Он был старше и Тамилы, и меня, об Энверове, из молодых да ранних, что говорить. Я сообразил это в один из прошлых вечеров у костра. Пели песню Высоцкого о книжных детях, я видел, как Г. слушал: книжные дети — это были мы (минус комсомольский божочек, нынешний Тамилин ухажер), а Г. помнил войну, пережил ее, голодал, жил под обстрелами и бомбардировками. Думаю, он иначе смотрел на жизнь. Я знал, что у Г. есть жена, поэтому роман его с Тамилой обречен, хоть он и любил Тамилу как-то заодно с дизайном — делом жизни своей, если можно так выразиться. В гомонящей толпе слышал я, как глубоко он вздохнул перед тем, как уйти. Дверь за ним закрылась, вопросы исчерпались, я подождал Нину, мы отправились посмотреть макеты мастер-класса пропедевтики, она еще не видела их.
Этюд
— Ты женат? — спросила Тамила.
— Нет, — ответил Энверов.
— И не был?
— Нет. И не собираюсь.
— Почему?
— Ну, сперва жена куда ни шло, а потом она детей захочет, а я их терпеть не могу.
— За что?
— За то, что поселяется в доме такое маленькое, вонючее, заполняет квартиру, весь белый свет, все время. Да мне от одной мысли о гаженой пеленке мутит.

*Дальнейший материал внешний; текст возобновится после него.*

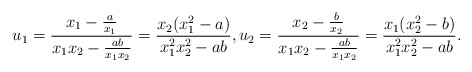
\begin{align*} u_1=\frac{x_1-\frac{a}{x_1}}{x_1x_2-\frac{ab}{x_1x_2}}=\frac{x_2(x_1^2-a)}{x_1^2x_2^2-ab},u_2=\frac{x_2-\frac{b}{x_2}}{x_1x_2-\frac{ab}{x_1x_2}}=\frac{x_1(x_2^2-b)}{x_1^2x_2^2-ab}.\end{align*}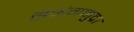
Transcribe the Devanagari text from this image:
त्रिभंगमुद्रा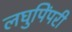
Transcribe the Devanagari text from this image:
लघुपिंपरी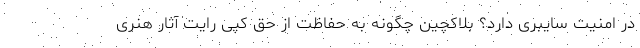
در امنیت سایبری دارد؟ بلاکچین چگونه به حفاظت از حق کپی رایت آثار هنری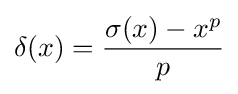
\delta (x)={\frac {\sigma (x)-x^{p}}{p}}

— Я поняла, — сказала Тамила. — Сблевать не сблюешь, а стошнит обязательно.
— Что?!
— Ой, это с другой страницы. Я хотела сказать: стошнить не стошнит, а сблюешь обязательно.
— Ты что говоришь? Что за хамские выражения слышу я из дамских уст румяных?
— Это цитата из великого произведения Венедикта Ерофеева «Москва — Петушки».
— Какие кретинские книги читают наши пресловутые книгочеи! Кстати...
Как всегда после «кстати», вплетал он нечто, что было некстати вовсе и к предыдущему разговору отношения не имело.
— Кстати, вот я все хочу спросить: что такое «дизайн»?
— Художественная конструйня, — отвечал я с косогорчика. — А говорить надо не «пресловутые книгочеи», а «грамотеи фиговы».
— Это еще кто? — Энверов нахмурил красиво отрисованные соколиные брови свои. — Что ты тут делаешь?
— Этюд пишу.
Тамила тут же побежала посмотреть.
— Иди сюда! — воскликнула она. — Этюд-то хороший. Вон какой прелестный цвет небесный над крышами.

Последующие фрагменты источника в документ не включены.